Networked and Distributed Computing Systems Laboratory (NDSL) is working on a number of research projects that improve the practice of design and implementation of networked computing systems.
The importance of a technological breakthrough for such systems grows with the recent advent of low-latency services (e.g., AR/VR) or high-computing applications (e.g., distributed deep learning). We deal with various problems that occur when the applications operate in data centers, cloud environments or mobile networks, and aim to propose novel systems that are unconventional, while taking advantage of new hardware devices.

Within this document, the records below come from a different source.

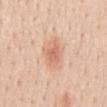Imaged during a routine full-body skin examination; the lesion was not biopsied and no histopathology is available.
The lesion's longest dimension is about 3.5 mm.
Captured under white-light illumination.
A lesion tile, about 15 mm wide, cut from a 3D total-body photograph.
The subject is a female roughly 45 years of age.
The lesion is on the mid back.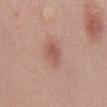Imaged during a routine full-body skin examination; the lesion was not biopsied and no histopathology is available.
The subject is a male in their mid-30s.
From the mid back.
About 3.5 mm across.
A 15 mm close-up tile from a total-body photography series done for melanoma screening.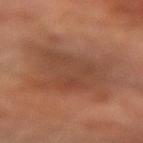Q: Is there a histopathology result?
A: imaged on a skin check; not biopsied
Q: Automated lesion metrics?
A: an area of roughly 24 mm² and a shape-asymmetry score of about 0.4 (0 = symmetric); a mean CIELAB color near L≈43 a*≈22 b*≈29, roughly 7 lightness units darker than nearby skin, and a lesion-to-skin contrast of about 5.5 (normalized; higher = more distinct); internal color variation of about 3 on a 0–10 scale and peripheral color asymmetry of about 1; a classifier nevus-likeness of about 0/100 and lesion-presence confidence of about 100/100
Q: Lesion size?
A: about 6 mm
Q: What lighting was used for the tile?
A: cross-polarized
Q: Lesion location?
A: the arm
Q: What kind of image is this?
A: 15 mm crop, total-body photography
Q: What are the patient's age and sex?
A: male, in their 70s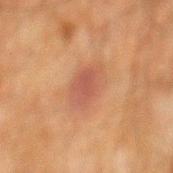This lesion was catalogued during total-body skin photography and was not selected for biopsy. A male subject, about 60 years old. The lesion is on the mid back. A roughly 15 mm field-of-view crop from a total-body skin photograph. Automated image analysis of the tile measured a footprint of about 11 mm² and a shape-asymmetry score of about 0.15 (0 = symmetric). This is a cross-polarized tile. Longest diameter approximately 4.5 mm.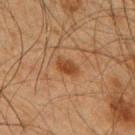Captured during whole-body skin photography for melanoma surveillance; the lesion was not biopsied. A 15 mm close-up tile from a total-body photography series done for melanoma screening. The lesion's longest dimension is about 3 mm. The patient is a male aged approximately 65. An algorithmic analysis of the crop reported a shape eccentricity near 0.85 and a shape-asymmetry score of about 0.25 (0 = symmetric). It also reported a lesion color around L≈37 a*≈20 b*≈31 in CIELAB, roughly 8 lightness units darker than nearby skin, and a normalized lesion–skin contrast near 7.5. It also reported a border-irregularity rating of about 2.5/10, a color-variation rating of about 2/10, and peripheral color asymmetry of about 0.5. The lesion is on the upper back. This is a cross-polarized tile.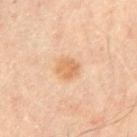Q: Was a biopsy performed?
A: catalogued during a skin exam; not biopsied
Q: What kind of image is this?
A: 15 mm crop, total-body photography
Q: What lighting was used for the tile?
A: cross-polarized illumination
Q: How large is the lesion?
A: ~3 mm (longest diameter)
Q: Who is the patient?
A: male, approximately 65 years of age
Q: What is the anatomic site?
A: the abdomen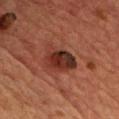notes: no biopsy performed (imaged during a skin exam) | patient: male, aged around 65 | size: ≈4 mm | image source: ~15 mm tile from a whole-body skin photo | illumination: cross-polarized illumination | location: the upper back.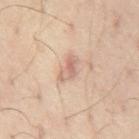Assessment:
Part of a total-body skin-imaging series; this lesion was reviewed on a skin check and was not flagged for biopsy.
Acquisition and patient details:
A region of skin cropped from a whole-body photographic capture, roughly 15 mm wide. The lesion is on the abdomen. The subject is a male about 60 years old. Captured under cross-polarized illumination.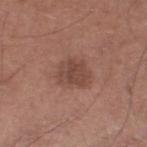biopsy_status: not biopsied; imaged during a skin examination
site: right lower leg
patient:
  sex: male
  age_approx: 65
image:
  source: total-body photography crop
  field_of_view_mm: 15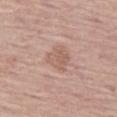Case summary:
- imaging modality · 15 mm crop, total-body photography
- patient · male, aged around 75
- location · the left thigh
- size · about 3.5 mm
- automated lesion analysis · an area of roughly 8 mm² and an outline eccentricity of about 0.55 (0 = round, 1 = elongated); an average lesion color of about L≈59 a*≈19 b*≈26 (CIELAB), about 7 CIELAB-L* units darker than the surrounding skin, and a lesion-to-skin contrast of about 5 (normalized; higher = more distinct); a border-irregularity index near 3/10, internal color variation of about 2.5 on a 0–10 scale, and peripheral color asymmetry of about 1; a classifier nevus-likeness of about 0/100 and a lesion-detection confidence of about 100/100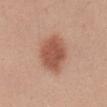Recorded during total-body skin imaging; not selected for excision or biopsy.
Located on the abdomen.
The subject is a female about 40 years old.
Approximately 5.5 mm at its widest.
The lesion-visualizer software estimated a lesion area of about 16 mm², an eccentricity of roughly 0.65, and a symmetry-axis asymmetry near 0.15. The software also gave a mean CIELAB color near L≈54 a*≈24 b*≈30, about 12 CIELAB-L* units darker than the surrounding skin, and a normalized lesion–skin contrast near 8.5. And it measured a within-lesion color-variation index near 3/10 and peripheral color asymmetry of about 1. The software also gave a detector confidence of about 100 out of 100 that the crop contains a lesion.
Cropped from a total-body skin-imaging series; the visible field is about 15 mm.
Imaged with white-light lighting.

AccelNIC: Accelerating Network Application via SmartNIC
In the face of exploding network traffic, such as in data centers, existing network stacks are already showing their performance limitations. To address this problem, this research project focuses on offloading repetitive operations in the transport layer (TCP/IP) and in data encryption (SSL) to a programmable network card that can flexibly provide new features.
CoDDL: GPU Cluster Management System for Distributed DL
Distributed deep learning (DL), which utilizes multiple GPUs, is widely used to reduce learning time, whereas a single GPU can require several months. Thus, efficient GPU resource allocation and management for multiple tenants is a critical issue in deep learning clusters with many GPUs. We are working on an efficient resource allocator and a scheduler system with consideration of deep learning model characteristics.
Knowledge Caching: Low Latency Deep Learning Services with Deep Model Cache
Deep learning applications offer services that are closely related to our lives in the form of smart speakers. These applications are typically deployed in the cloud servers, but this approach has potential problems such as server computation limits and user information privacy. We propose and implement a system with a new approach, called a deep model cache, which handles user requests that often involve repetitive or sensitive personal information in the local environment.